In 1937 Moir was appointed first holder of the Nuffield chair of obstetrics and gynaecology, University of Oxford, a position he held until his retirement 30 years later. During the same period he was a fellow of Oriel College. He soon built up a thriving department of obstetrics and gynaecology at the Radcliffe Infirmary. Although the emphasis was on research, during the war he also took on responsibility for undergraduate teaching and the care of expectant mothers evacuated from London. Moir became examiner in obstetrics and gynaecology for the University of Oxford and for the RCOG, where he also served as counsellor and ambassador. He was much in demand as a speaker both at home and abroad, particularly in North America. For several years he was co-editor of Munroe-Kerr’s Operative obstetrics and sole editor of the 7th edition (1964).1,2
Many honours came Moir’s way.1,2 He became president of the obstetrics and gynaecology section of the Royal Society of Medicine and in 1974 was made an honorary fellow of both that Society and of Oriel College. He was an honorary DSc of Edinburgh and Manchester Universities, and DM of the University of Oxford. He was also made an honorary fellow of the American Association of Obsetricians and Gynecologists, and of the New York Academy of Medicine, an honorary LLD of Queens University, Ontario, and was appointed Master of Midwifery by the Society of Apothecaries, London. In 1961 he was appointed CBE. After his retirement in 1967, Moir returned to the Hammersmith as visiting professor to continue his outstanding work on the repair of vesicovaginal fistulae. His classic book on this subject, first published in 1961, became the standard text.

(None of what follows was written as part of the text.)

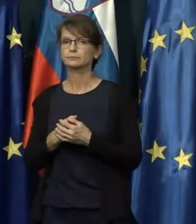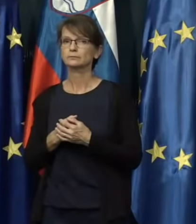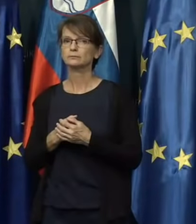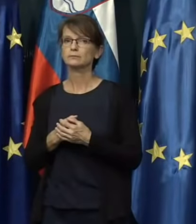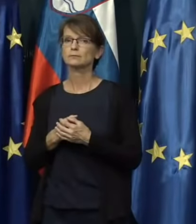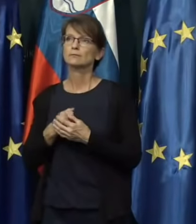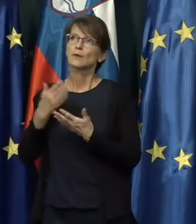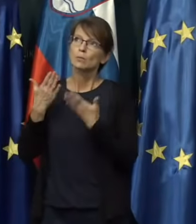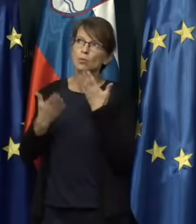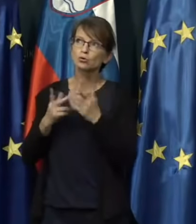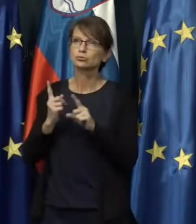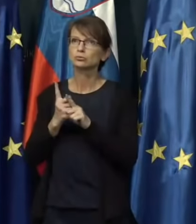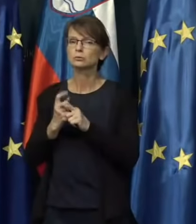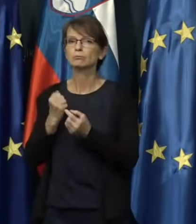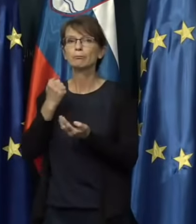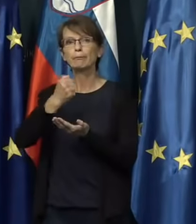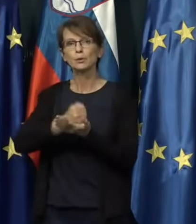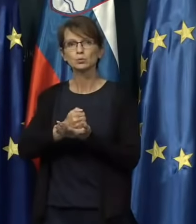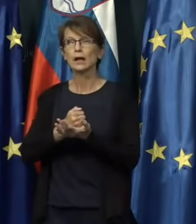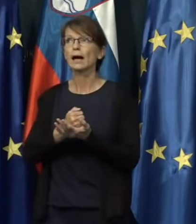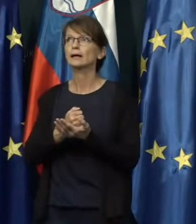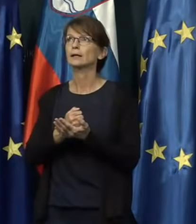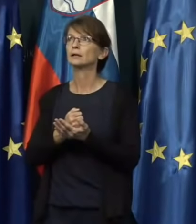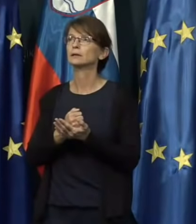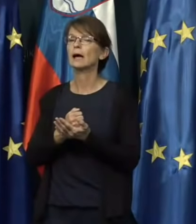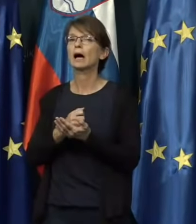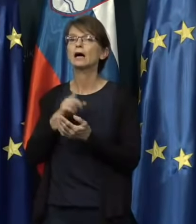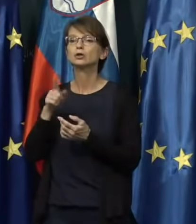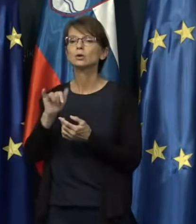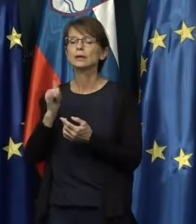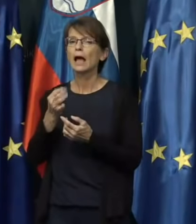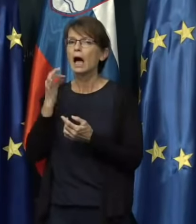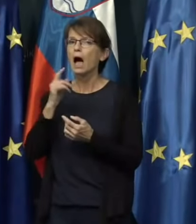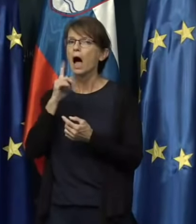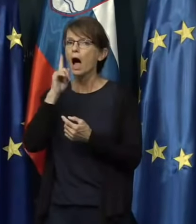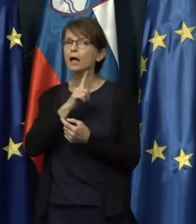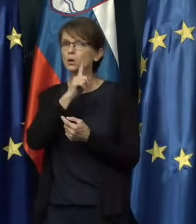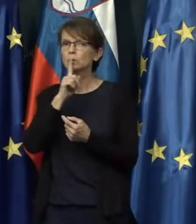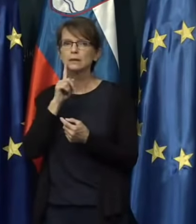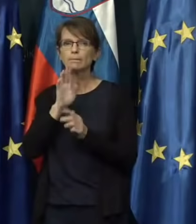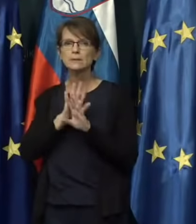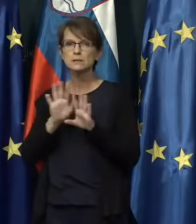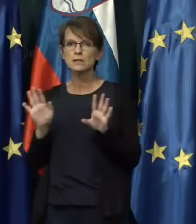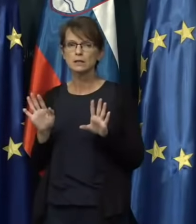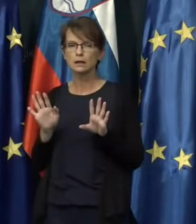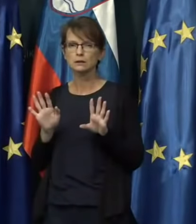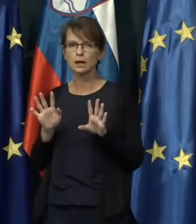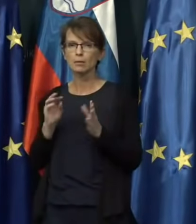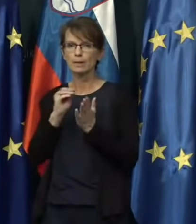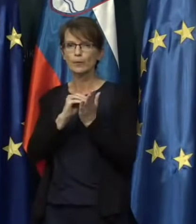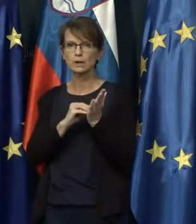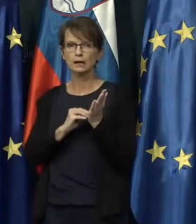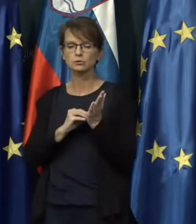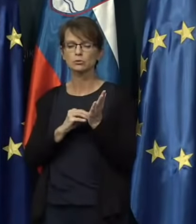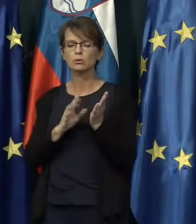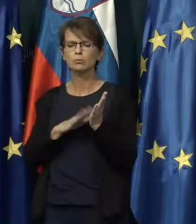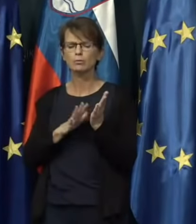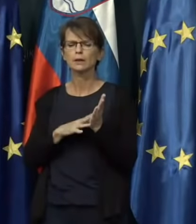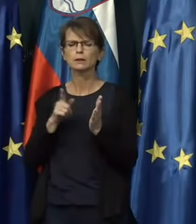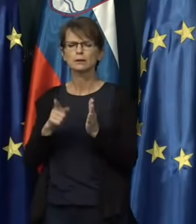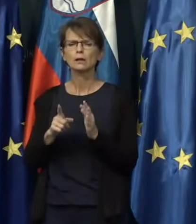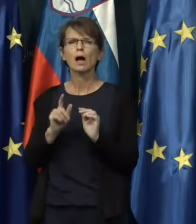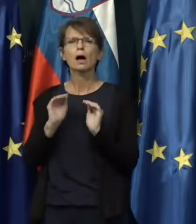mogoče povdare k temu, da gre za anonimizirane podatke. Se pravi, zagotavljajo

In 1933 Moir had married Grace Hilda Bailey. She was a great support and they had two sons and two daughters. On 24 November 1977 Moir died at his home, 22 Chalbury Road, Oxford. He was 77 years old. The obituary in The Times described him as: “a kindly, courteous and sensitive man who was both a dreamer and a doer. Tall, slim, aesthetic, never robust-looking yet wiry and tenacious, he knew his own mind and could be strong in battle, as well as generous and considerate to those in opposition. A loyal friend, he loved his family, home, profession and garden, his native hills and the customs and dialects of the folk of Angus”.1 So passed one of the most distinguished and best loved men in obstetrics and gynaecology in Britain during the 20th century, a man who saved countless lives from obstetric haemorrhage and made the lives of many more women bearable through the repair of their vesicovaginal fistulae.